ARCHEOLOGIA | Veleia Romana (PC), la città della longevità
Veleia Romana (460 m s.l.m), nella valle del Chero, antica città il cui nome deriva dalla tribù ligure chiamata Veleiates, fu fondata nel 158 a.C., dopo la definitiva sottomissione dei Liguri a Roma. Prospero municipio romano e importante capoluogo amministrativo, governò su una vasta area collinare e montana collocata tra Parma, Piacenza, Libarna (Serravalle Scrivia) e Lucca.
Il territorio e le sue risorse
La presenza di acque saline, che i Romani hanno sempre saputo sfruttare con ingegno, aiutò senz’altro lo sviluppo urbano, in cui è possibile individuare vari edifici termali. Questa risorsa naturale, insieme alla tranquillità del luogo, fece di Veleia una meta prediletta di villeggiatura per vari consoli e proconsoli provenienti da Roma, che si illudevano, forse, di poter allungare la loro vita. Infatti, era noto che tra la popolazione di Veleia, come è confermato dall’ultimo censimento dell’imperatore Vespasiano (72 d.C.), vivevano sei persone di 110 anni e quattro addirittura di 120!
Il settore urbano della città di Veleia è distribuito su una serie di terrazze lungo il “pendio boreale del poggio” dei monti Moria e Rovinasso. I toponimi di queste due cime, che anticamente sembra fossero stati un solo monte, allude ad un evento catastrofico la cui memoria è purtroppo andata persa nella foschia dei tempi. Questa zona appenninica, come d’altronde tantissime altre dell’Appennino, è conosciuta geologicamente per la sua tendenza a movimenti franosi: molti esperti sostengono, difatti, che il declino e la fine di Veleia sia stata causata da una grande frana o da una serie di smottamenti lungo la costa del monte sovrastante.
L’area archeologica di Veleia
Il foro, d’età augusteo-giulio claudia, si estende su un piano ottenuto artificialmente per mezzo di un massiccio sbancamento, come rivela la stratificazione leggibile sotto la scalinata posta sul lato orientale. Ne è ben conservato il lastricato, a quattro pioventi, drenati da una cunetta perimetrale con pozzetti di decantazione agli angoli. Lo circonda su tre lati un portico, dilatato in antico illusionisticamente da pitture murali, su cui si aprono botteghe e ambienti a destinazione pubblica, quasi tutti dotati d’impianti di riscaldamento.
Il tutto è completato dalla più bassa delle terrazze, formata dall’accumulo dei materiali provenienti dallo sbancamento del pendio soprastante, contenuti da robuste sostruzioni, ancora ben visibili nel Settecento. Raccordata a quella superiore da un imponente ingresso a duplice prospetto tetrastilo, inserito nel colonnato del foro, la terrazza era forse riservata alle funzioni religiose.

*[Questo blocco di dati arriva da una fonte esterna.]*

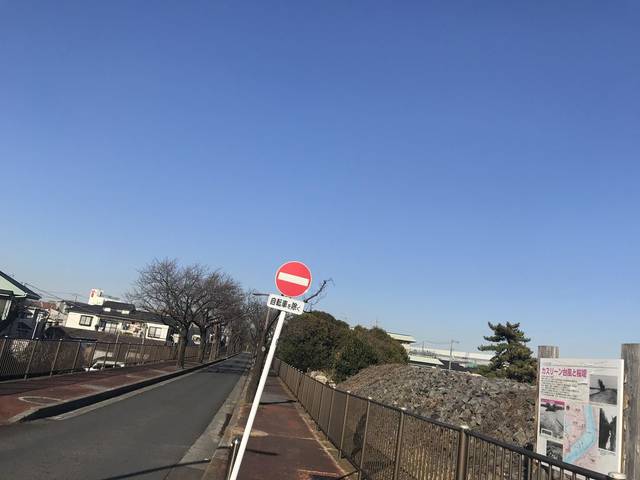
Region: Japan
Coordinates: 35.776, 139.883
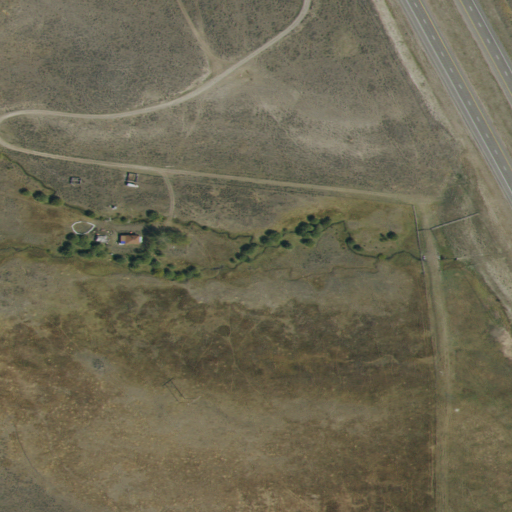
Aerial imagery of valley in Idaho named Idaho Hollow containing herbaceous wetlands, shrub, open development, low intensity development, woody wetlands, and medium intensity development
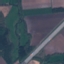
Label: Highway
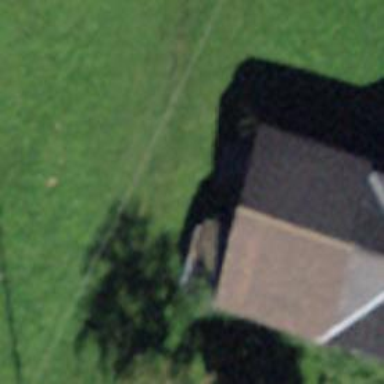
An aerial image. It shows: Barn.
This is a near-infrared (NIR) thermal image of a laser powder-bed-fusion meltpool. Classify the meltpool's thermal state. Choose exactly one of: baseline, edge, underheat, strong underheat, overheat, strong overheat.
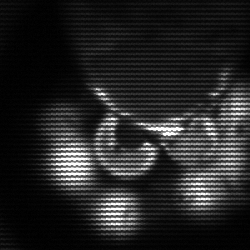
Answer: edge
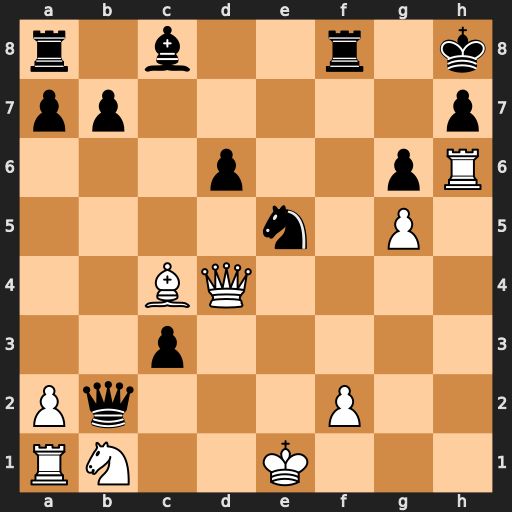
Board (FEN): r1b2r1k/pp5p/3p2pR/4n1P1/2BQ4/2p5/Pq3P2/RN2K3
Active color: w
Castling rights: Q
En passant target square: -
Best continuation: Rxh7+ Kxh7 Qh4+ Kg7 Qh6#
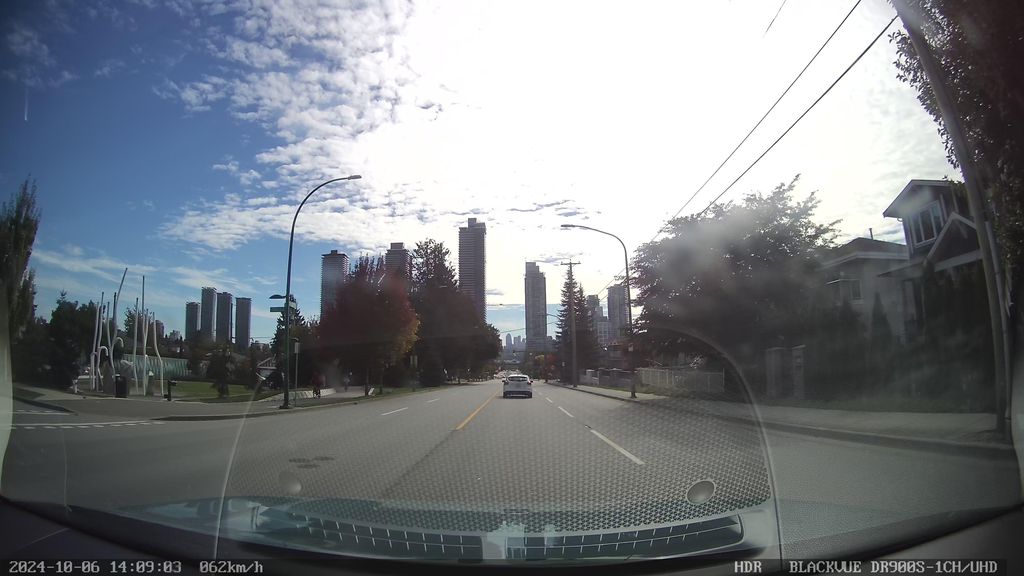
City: vancouver
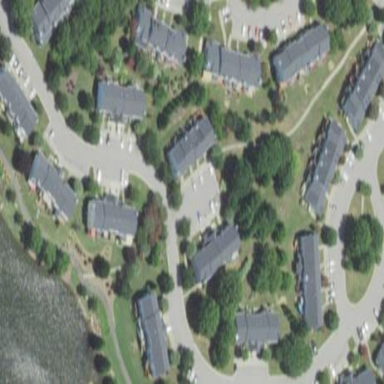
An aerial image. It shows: Residential area within neighborhood.
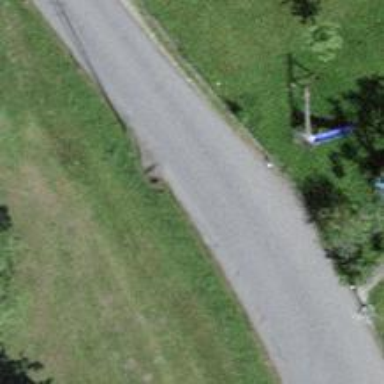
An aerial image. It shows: Tertiary road.
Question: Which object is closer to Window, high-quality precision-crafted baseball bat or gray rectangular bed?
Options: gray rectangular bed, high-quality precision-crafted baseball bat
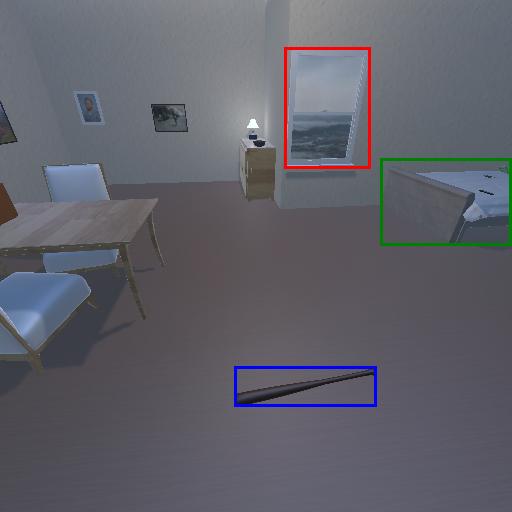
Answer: gray rectangular bed
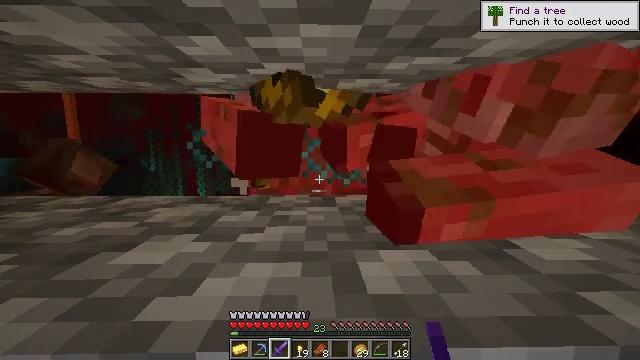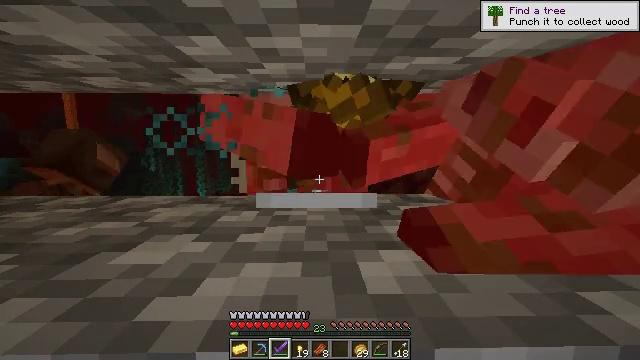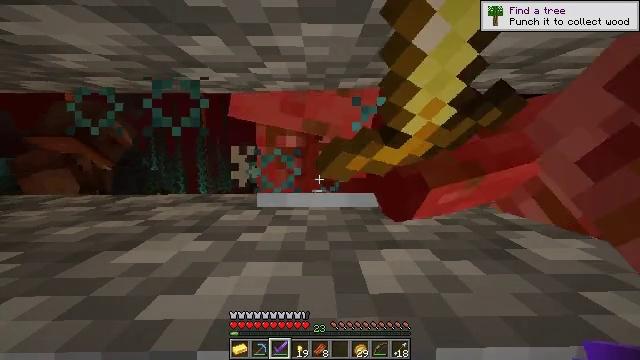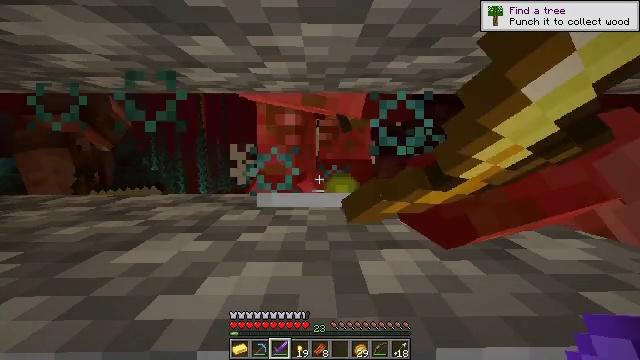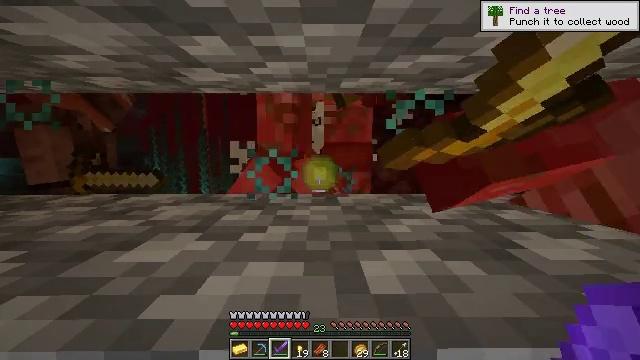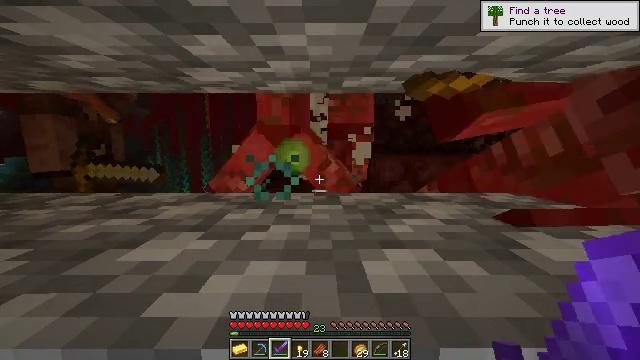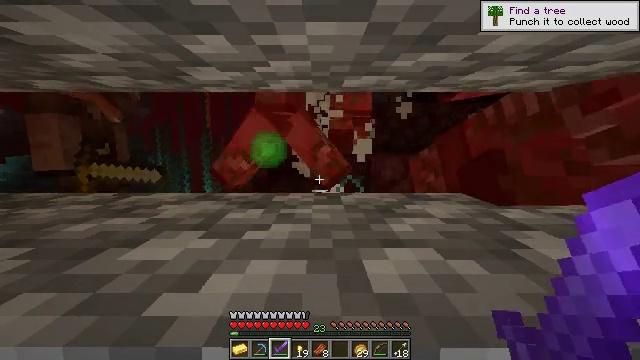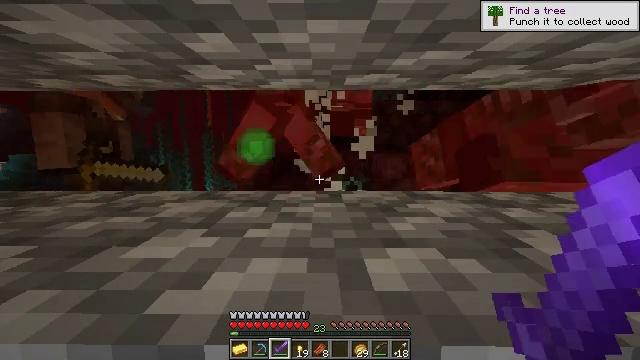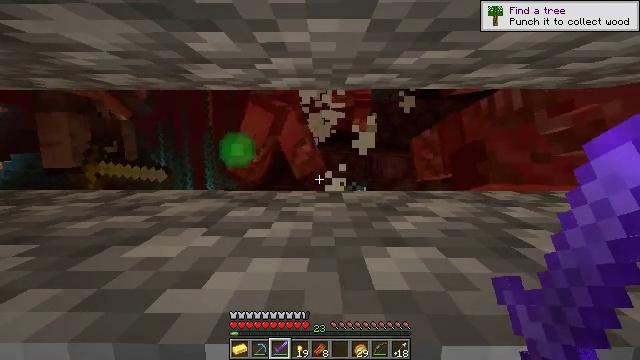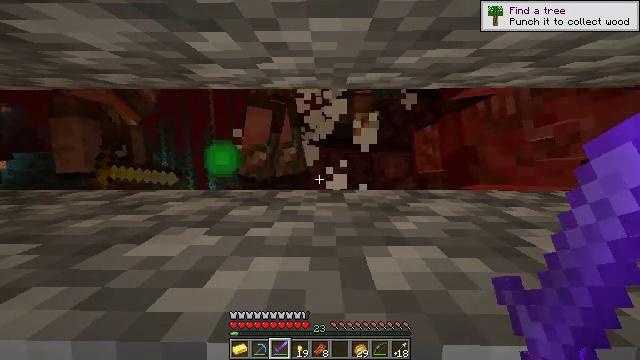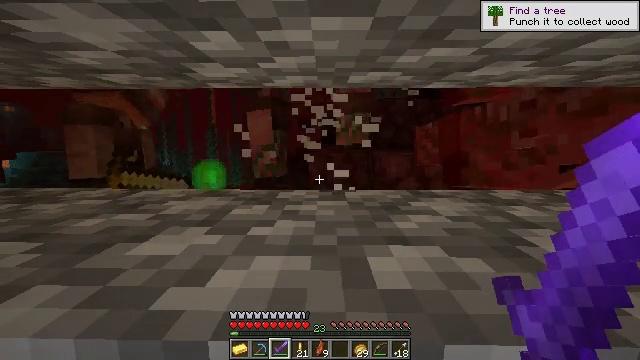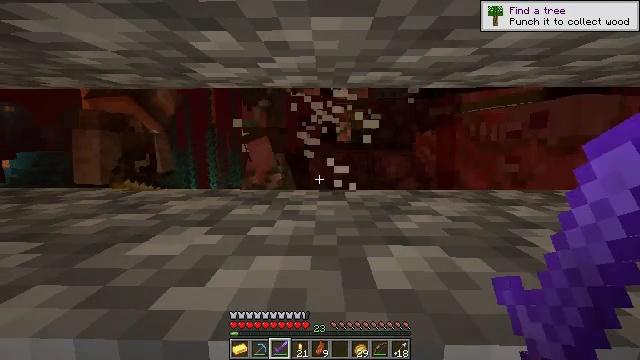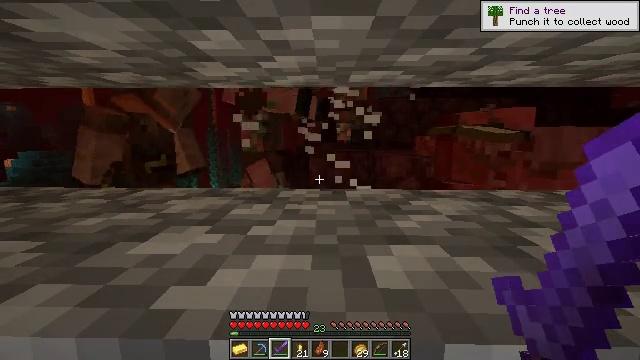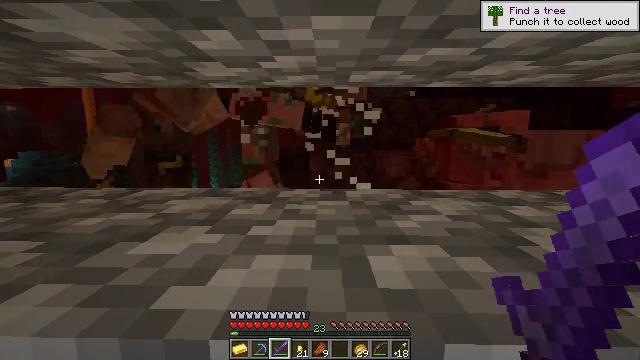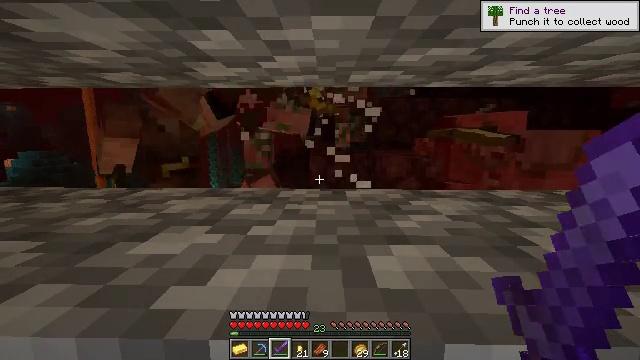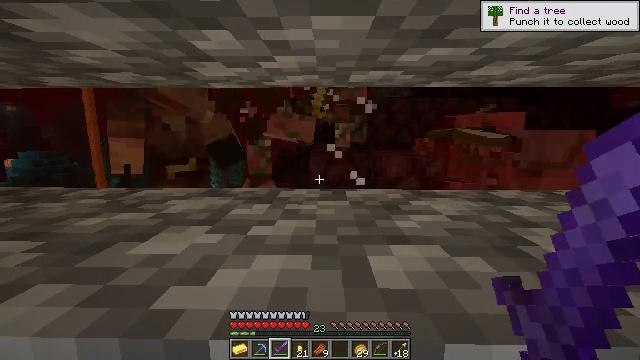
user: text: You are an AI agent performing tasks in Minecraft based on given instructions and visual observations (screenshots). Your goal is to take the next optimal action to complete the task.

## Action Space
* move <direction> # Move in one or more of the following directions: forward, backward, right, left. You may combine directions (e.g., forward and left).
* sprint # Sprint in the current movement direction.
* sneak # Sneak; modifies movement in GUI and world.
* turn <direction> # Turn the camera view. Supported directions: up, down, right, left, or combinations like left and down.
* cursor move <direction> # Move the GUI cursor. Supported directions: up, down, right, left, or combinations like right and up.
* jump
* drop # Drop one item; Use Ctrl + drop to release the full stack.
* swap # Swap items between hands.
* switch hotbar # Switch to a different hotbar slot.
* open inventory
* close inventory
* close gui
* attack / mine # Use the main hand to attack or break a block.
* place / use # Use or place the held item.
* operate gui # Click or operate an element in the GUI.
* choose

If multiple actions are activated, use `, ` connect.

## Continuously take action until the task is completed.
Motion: motion action
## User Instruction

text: Combat the zombified piglin.
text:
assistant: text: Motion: no_op
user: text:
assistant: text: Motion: no_op
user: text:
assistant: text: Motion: no_op
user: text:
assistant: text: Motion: no_op
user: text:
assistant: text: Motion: no_op
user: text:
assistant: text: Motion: no_op
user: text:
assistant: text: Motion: no_op
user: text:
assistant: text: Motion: no_op
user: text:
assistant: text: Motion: no_op
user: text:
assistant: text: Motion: no_op
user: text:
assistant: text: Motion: no_op
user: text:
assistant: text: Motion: no_op
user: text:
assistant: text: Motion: no_op
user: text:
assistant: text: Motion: no_op
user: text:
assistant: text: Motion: no_op
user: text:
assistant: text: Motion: no_op
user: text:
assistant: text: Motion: no_op
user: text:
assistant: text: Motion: no_op
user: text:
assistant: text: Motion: no_op
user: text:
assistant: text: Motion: no_op
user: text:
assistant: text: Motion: no_op
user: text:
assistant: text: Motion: no_op
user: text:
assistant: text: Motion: no_op
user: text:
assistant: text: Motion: turn left
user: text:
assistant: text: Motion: turn left
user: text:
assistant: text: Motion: no_op
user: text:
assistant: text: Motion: attack / mine
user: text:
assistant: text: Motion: turn right, attack / mine
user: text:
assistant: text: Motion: turn right
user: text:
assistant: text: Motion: turn right
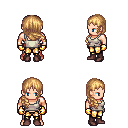
a pixel art fantasy rpg character, male body template, human, light skin, white pirate shirt, gold greaves, light blonde right-swept hairstyle, gold gloves, maroon shoes, four views (front, back, left, right), 2x2 character sprite sheet, small pixel art, hard edges, no anti-aliasing
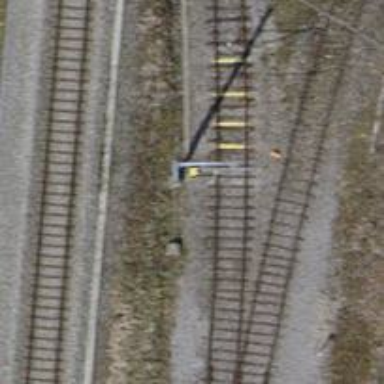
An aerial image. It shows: Single railway track with electrified contact line. It is spur track.
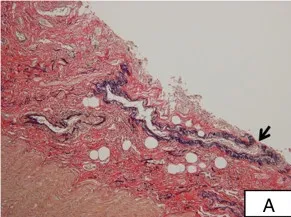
Autopsy findings. Biopsy samples were fixed and stained with hematoxylin and eosin. Histopathology of the jejunal submucosa shows. An exposed small vessel (arrow) (x40).
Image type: pathology (h&e)
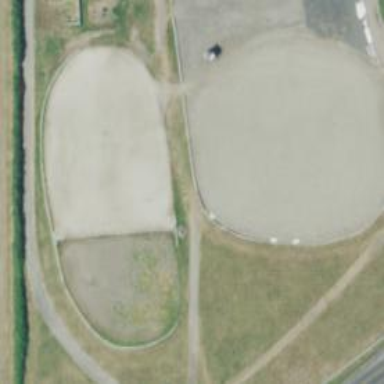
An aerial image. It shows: Equestrian pitch for leisure land activities.
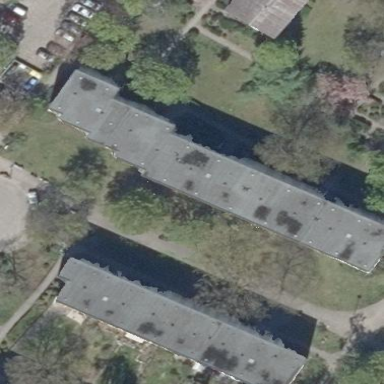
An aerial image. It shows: Apartment building with flat roof.
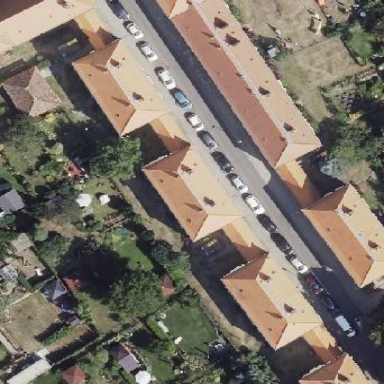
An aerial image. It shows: Hipped roof house.
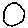
Label: circle

Meta ultima di un percorso ascensionale che proviene dal fondovalle appare la basilica che chiude a sud il complesso: edificio a navata unica, con esedre rettangolari presso le testate, era la sede del culto imperiale; infatti, addossate alla parete di fondo, si levavano le dodici grandi statue in marmo lunense raffiguranti i membri della famiglia giulio-claudia.
A ovest del foro scavi recenti hanno riportato nuovamente in luce resti di costruzioni, riconosciute come anteriori alla sua creazione, nonché tracce del suo originario ingresso, sostituito dopo la metà del I sec. d.C. da quello, monumentale, ubicato sul lato settentrionale. A monte del foro sorgono, invece, quartieri d’abitazione.
La terrazza su cui si leva sin dal Medioevo una pieve dedicata a S. Antonino ospitava, probabilmente, un edificio di culto già nell’antichità. Più in alto è situata una costruzione, identificata, già all’atto della scoperta, come un serbatoio d’acqua, più tardi erroneamente interpretata – e, di conseguenza, ricostruita – come anfiteatro.
All’interno dell’area archeologica è stato allestito un Antiquarium, dove sono conservati calchi della Tabula Alimentaria traianea e della tavola bronzea contenente la lex de Gallia Cisalpina, come pure corredi relativi alle sepolture a cremazione romane, elementi architettonici e d’arredo.